Yazarlar Günün Köşe Yazıları Spor Konuk Yaşam Tüm Yazarlar
Suriye’de çözüme doğru - Ahmet YAVUZ
Bunca yaşanandan sonra kısa vadede Suriye yeniden iç barışını sağlayabilir mi? Bu mümkün olursa nasıl bir yapılanma içinde gerçekleşebilir?

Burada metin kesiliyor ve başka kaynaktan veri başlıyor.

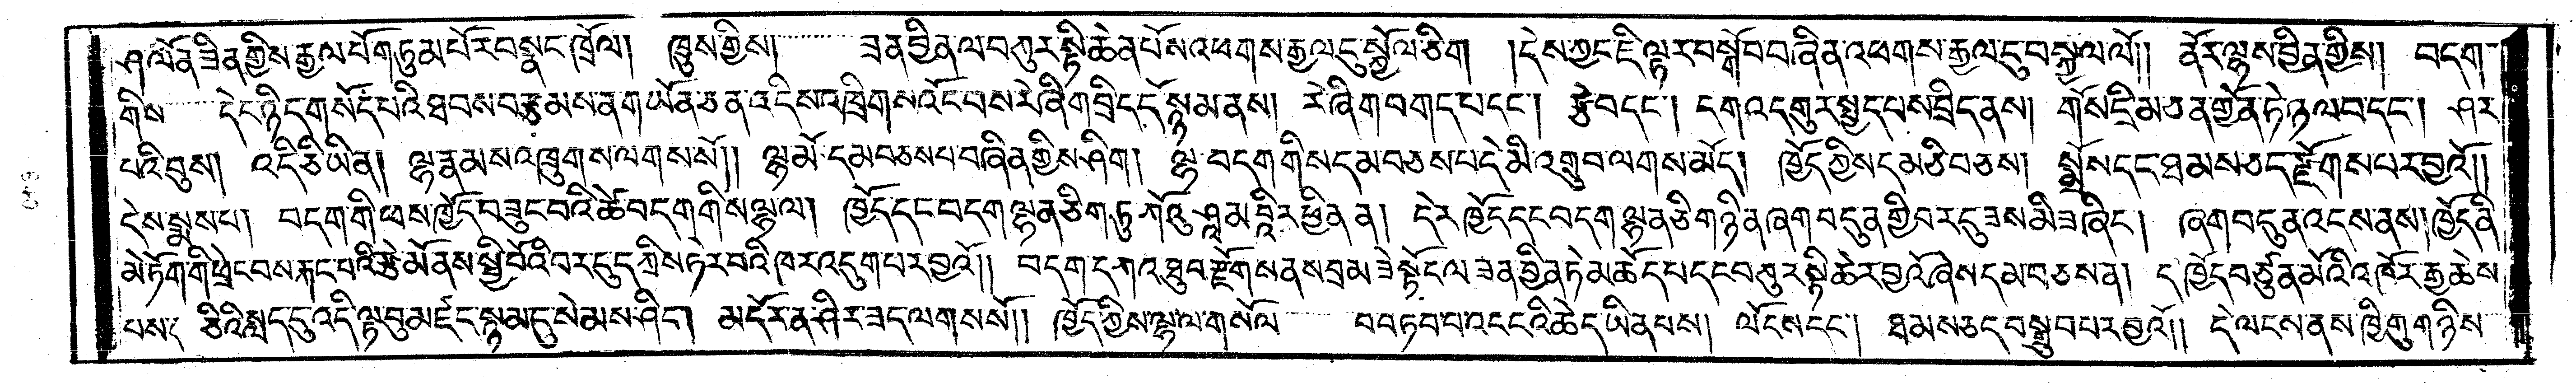ཤ་ལོན་ཟིན་གྱིས་རྒྱལ་པོ་གཏུམ་པོར་བསྣང་ཁྲོལ། ཁྲུས་གྱིས། ཟན་བྱིན་ལ་བཀུར་སྟི་ཆེན་པོས་འཕགས་རྒྱལ་དུ་སྐྱོལ་ཅིག །དེས་ཀྱང་ཇི་ལྟར་བསྒོབ་བཞིན་འཕགས་རྒྱལ་དུ་བསྐྱལ་ལོ།། ནོར་ལྷས་བྱིན་གྱིས། བདག་
གིས་དེང་ཉིད་གསོད་པའི་ཐབས་བརྩམས་ན་གཡོན་ཅན་འདིས་འཁྲིགས་འོང་བས་རེ་ཞིག་བྲིད་དོ་སྙམ་ནས། རེ་ཞིག་བགད་པ་དང་། རྩེ་བ་དང་། དགའ་དགུར་སྤྱད་པས་བྲིད་ནས། གོས་དྲི་མ་ཅན་གྱོན་ཏེ་ཉལ་བ་དང་། ཤར་
པའི་བུས། འདི་ཅི་ཡིན། ལྷ་རྣམས་འཁྲུགས་ལགས་སོ།། ལྷ་མོ་དམ་བཅས་པ་བཞིན་གྱིས་ཤིག། ལྷ་བདག་གིས་དམ་བཅས་པ་དེ་མི་འགྲུབ་ལགས་མོད། ཁྱོད་ཀྱིས་དམ་ཅི་བཅས། སྨྲོས་དང་ཐམས་ཅད་རྫོགས་པར་བྱའོ།།
དེས་སྨྲས་པ། བདག་གི་ཕས་ཁྱོད་བཟུང་བའི་ཚེ་བདག་གིས་ལྷ་ལ། ཁྱོད་དང་བདག་ལྷན་ཅིག་ཏུ་ཀོའུ་ཤཱམྦཱིར་ཕྱིན་ན། དེར་ཁྱོད་དང་བདག་ལྷན་ཅིག་ཉིན་ཞག་བདུན་གྱི་བར་དུ་ཟས་མི་ཟ་ཞིང་། ཞག་བདུན་འདས་ནས། ཁྱོད་ནི་
མེ་ཏོག་གི་ཕྲེང་བས་རྐང་བའི་རྩེ་མོ་ནས་སྤྱི་བོའི་བར་དུ་དཀྲིས་ཏེར་བའི་ཁར་འདུག་པར་བྱའོ།། བདག་དཀའ་ཐུབ་རྫོགས་ནས་བྲམ་ཟེ་སྟོང་ལ་ཟན་བྱིན་ཏེ་མཆོད་པ་དང་བཀུར་སྟི་ཆེར་བྱའོ་ཞེས་དམ་བཅས་ན། དེ་ཁྱོད་བཙུན་མོའི་འཁོར་རྒྱ་ཆེས་
པས༑ ཅིའི་སླད་དུ་འདི་ལྟ་བུ་མཛད་སྙམ་དུ་སེམས་ཤིང་། མདོར་ན་ཤིར་ཟད་ལགས་སོ།། ཁྱོད་ཀྱིས་ལྷ་ལ་གསོལ་བ་བཏབ་པའང་ངའི་ཆེད་ཡིན་པས། ལོངས་དང་། ཐམས་ཅད་བསྒྲུབ་པར་བྱའོ།། དེ་ལངས་ནས་ཁྱི་གུ་གཉིས་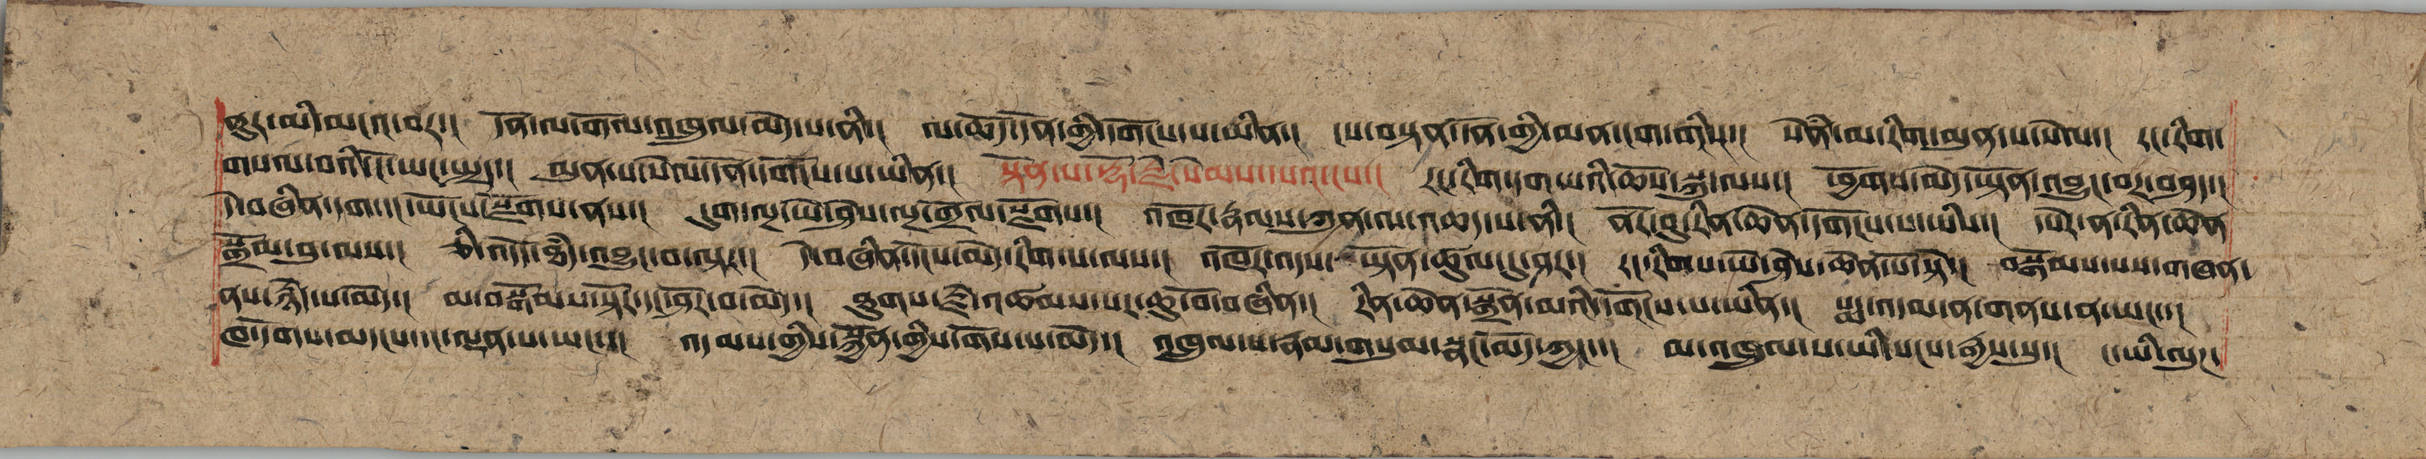ནུར་མི་མངའ་བར་། དོན་ལ་གོལ་འཁྲུལ་མེད་པ་ནི་། ལ་ཆོད་དོན་གྱི་དགོངས་པ་ཡིན་། ངས་བསྟན་དོན་གྱི་མན་ངག་གིས་། སེནཾ་མ་རིག་མུན་པ་སེལ་། རང་རིག་
གསལ་བའི་ངོ་ཡང་སྤྲད་། མུན་པ་སེལ་དོན་དགོངས་པ་ཡིན་། སྟོན་པ་རྡོ་རྗེ་སེམས་དཔའ་ངས་། རང་རིག་དག་པའི་ཆོས་སྐུ་ལས་། ཕྱོགས་མེད་ཡྟོན་འབྱུང་བར་བཤད་།
དེ་བཞིན་དག་དང་ཡོངས་སྫོགས་ནས་། དུག་ལྔ་ཡེ་ཤེས་ལྔ་གྲོལ་སྫོགས་། འཁོར་རྣམས་ཀུན་ལ་འཆད་པ་ནི་། ནོར་བུ་རིན་ཆེན་དགོངས་པ་ཡིས་། དཔེར་ན་རིན་ཆེན
སྒྲོམ་བུ་ལས་། ཅི་འདོད་ཐཾད་འབྱུང་བ་ལྟར་། དེ་བཞིན་དངོས་མེད་རིག་པ་ལས་། འཁོར་འདས་ཡྟོན་ཚུལ་དུ་ཤར་། རང་རིགས་ཡེ་ཤེས་ཆེན་པོ་སྟེ་། བསྒོམས་པས་གཞན་
ནས་རྙེད་པ་མེད་། མ་བསྒོམས་སྟོང་དང་ཤོར་བ་མེད་། ཐུགས་རྗེ་འཚམས་པར་ཆུ་བོ་བཞིན་། རིན་ཆེན་སྒྲོན་མའི་དགོངས་པ་ཡིན་། པདྨ་འདམ་ན་གནས་ན་ཡང་་།
ཁ་དོགས་མདངས་དང་ལྡན་པ་ཡང་་། འདམས་གྱིས་སྐྱོན་གྱིས་གོས་པ་མེད་། འཁྲུལ་པ་རྣམ་གསུམ་སྣང་མོད་ཀྱང་་། མ་འཁྲུལ་པ་ཡི་སངས་རྒྱས་སུ་། ང་ཡི་ལུཌ་

Bu iki soru hayati önemde. Zira yanıtları henüz tam olarak verilemiyor. Bunun olabilmesinin önemli ölçüde Türkiye’nin politika değiştirmesine bağlı olduğunu ileri sürmek abartılı olmaz. Bu önermeye itirazları duyar gibi oluyorum... Haksız da sayılmazlar. Buna rağmen Türkiye’nin tutumunun belirleyici özelliğine vurgu yapabilirim.
NEDENLER
Suriye’de barışı en çok Rejim istiyor. İran da ister ancak şartları vardır. Rusya ister çünkü bütünlüğünü sağlamış bir Suriye onun için her açıdan önemli ve önceliklidir. AB’nin karşı çıkması beklenmemelidir. En azından kamuoyları ister. Arap ülkelerinin politika değişikliği yaptığı biliniyor. Diplomatik ilişkiler, açılan temsilcilikler bunun işareti olarak görülebilir. Mart 2022’de yapılacak Arap Birliği zirvesi esnasında bunu daha net görmek mümkün.(1)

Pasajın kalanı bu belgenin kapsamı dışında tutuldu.